The Panel considered the immediate and overall impression to a busy health professional. Context and layout were also important in this regard. In the Panel’s view, the advertisement misleadingly implied that readers could prescribe Symbicort regardless of strength as MART therapy and the final points in small font at the very bottom of the page in question were wholly insufficient to qualify the misleading impression given. The Panel thus ruled breaches of Clauses 6.1 and 6.2. The Panel considered that the advertisement implied that all strengths of Symbicort, including Symbicort 400/12, could be used as MART therapy which was not so. Section 4.2 Posology and method of administration of the Symbicort 400/12 Symbicort SPC stated ‘Symbicort 400/12 should be used as Symbicort maintenance therapy only. Lower strengths are available for the Symbicort maintenance and reliever therapy regimen (200 micrograms/6 micrograms/inhalation and 100 micrograms/6 micrograms/inhalation)’. In the Panel’s view, the points in small font at the very bottom of the page in question was wholly insufficient to qualify the immediate impression given which was inconsistent with the particulars listed in the Symbicort 400/12 SPC and a breach of Clause 11.2 was ruled. The Panel considered that high standards had not been maintained in this regard and a breach of Clause 5.1 was ruled.

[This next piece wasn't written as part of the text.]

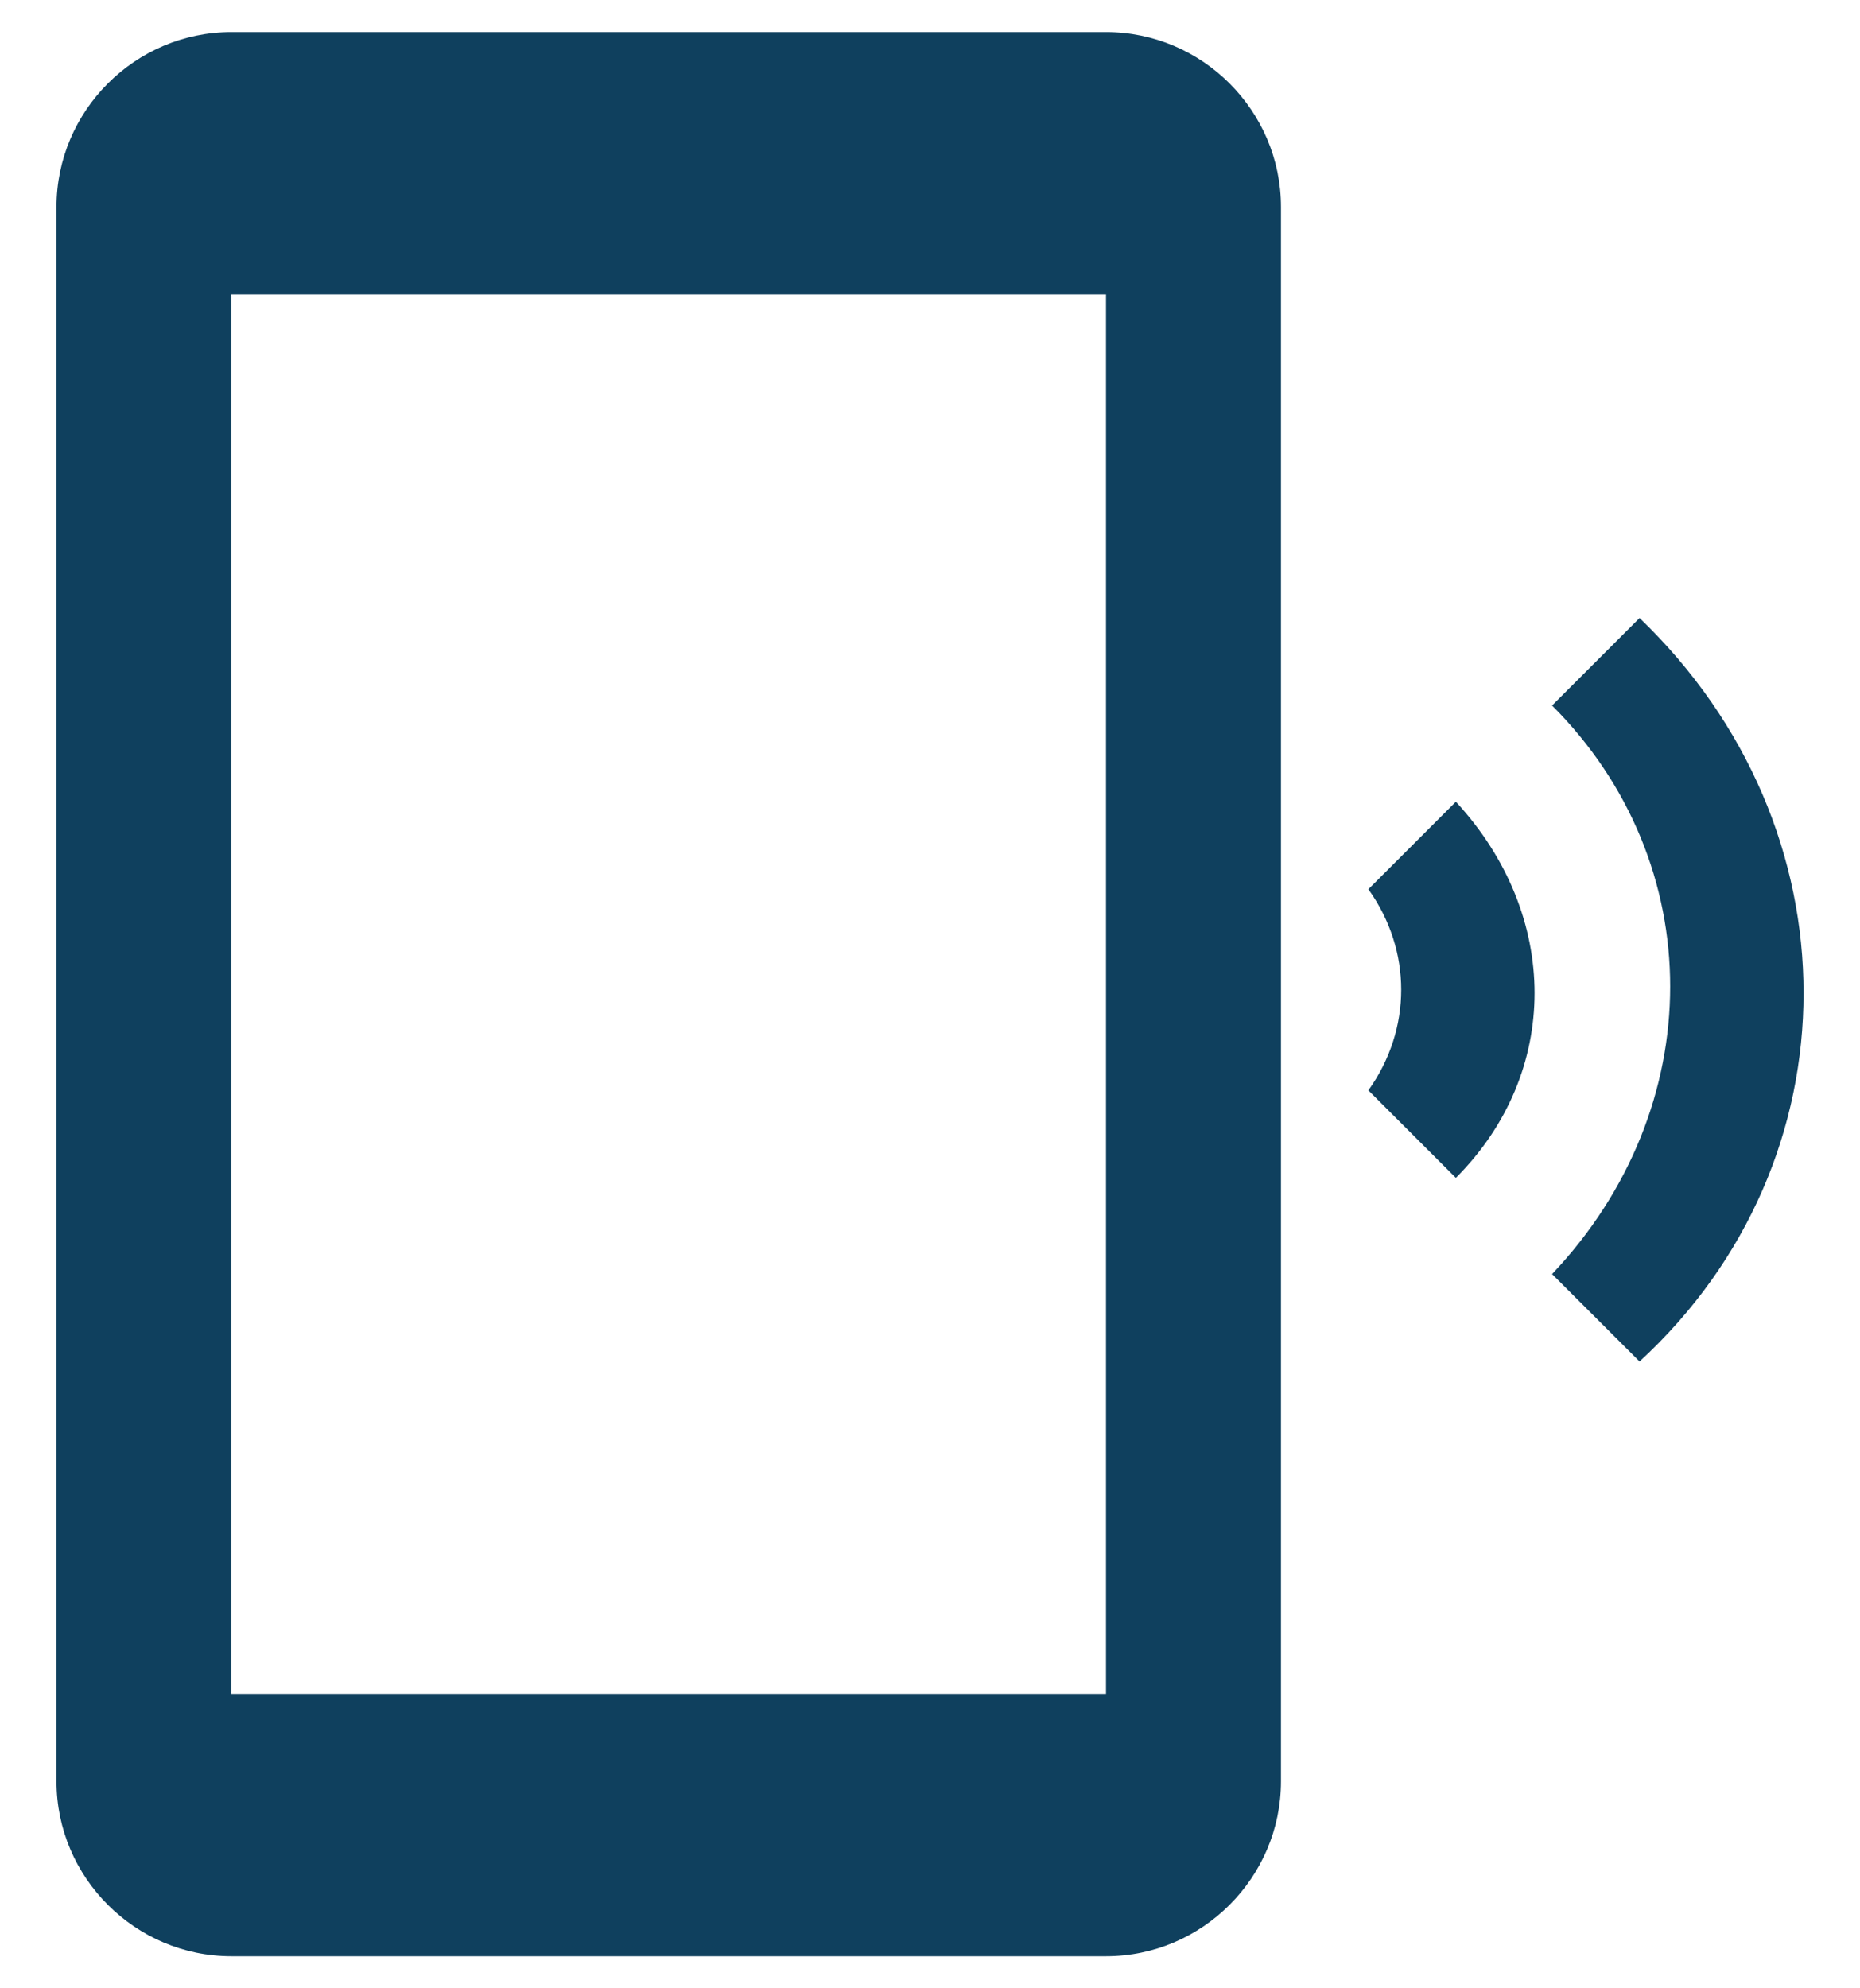 <svg width="29" height="31" viewBox="0 0 29 31" fill="none" xmlns="http://www.w3.org/2000/svg">
<path d="M25.563 9.636L24.199 11C26.654 13.454 26.654 17.273 24.199 19.864L25.563 21.227C28.972 18.091 28.972 12.909 25.563 9.636ZM22.699 12.5L21.335 13.864C22.017 14.818 22.017 16.046 21.335 17L22.699 18.364C24.335 16.727 24.335 14.273 22.699 12.5ZM17.244 0.5H3.608C2.108 0.5 0.881 1.727 0.881 3.227V27.773C0.881 29.273 2.108 30.5 3.608 30.5H17.244C18.744 30.5 19.972 29.273 19.972 27.773V3.227C19.972 1.727 18.744 0.5 17.244 0.5ZM17.244 26.409H3.608V4.591H17.244V26.409Z" fill="#0F405E"/>
</svg>

The Panel noted that the restrictions of the use of Symbicort 400/12 as MART therapy had not been prominently stated in the advertisement. The Panel noted that it was crucial that health professionals and others could rely upon the industry to provide them with robust and accurate information to aid their decision making. The Panel noted its comments above and considered that the advertisement encouraged the use of Symbicort 400/12 for MART therapy for patients when it should be used as maintenance therapy only. In the Panel’s view, the use of the higher Symbicort dose (400/12) for reliever therapy had the potential to impact patient safety. The Panel considered that the material brought discredit upon, and reduced confidence in, the industry and a breach of Clause 2 was ruled.
Clause 12.7 states that in a printed journal advertisement the prescribing information must appear on at least one of the pages. The pages where the prescribing information is not visible must include a reference on the outer edge of the page as to where the prescribing information can be found in a type size such that a lower case ‘x’ is no less than 2mm in height. The Panel noted AstraZeneca’s submission that although print of the advertisement over a double-page spread was agreed with MIMS journal, the two-page advertisement was actually printed on consecutive pages. AstraZeneca acknowledged that the location of the prescribing information was not visible from the first page of the advertisement as it was placed overleaf and there was no reference to where the prescribing information was present on the first page. The Panel therefore ruled a breach of Clause 12.7 as acknowledged by AstraZeneca.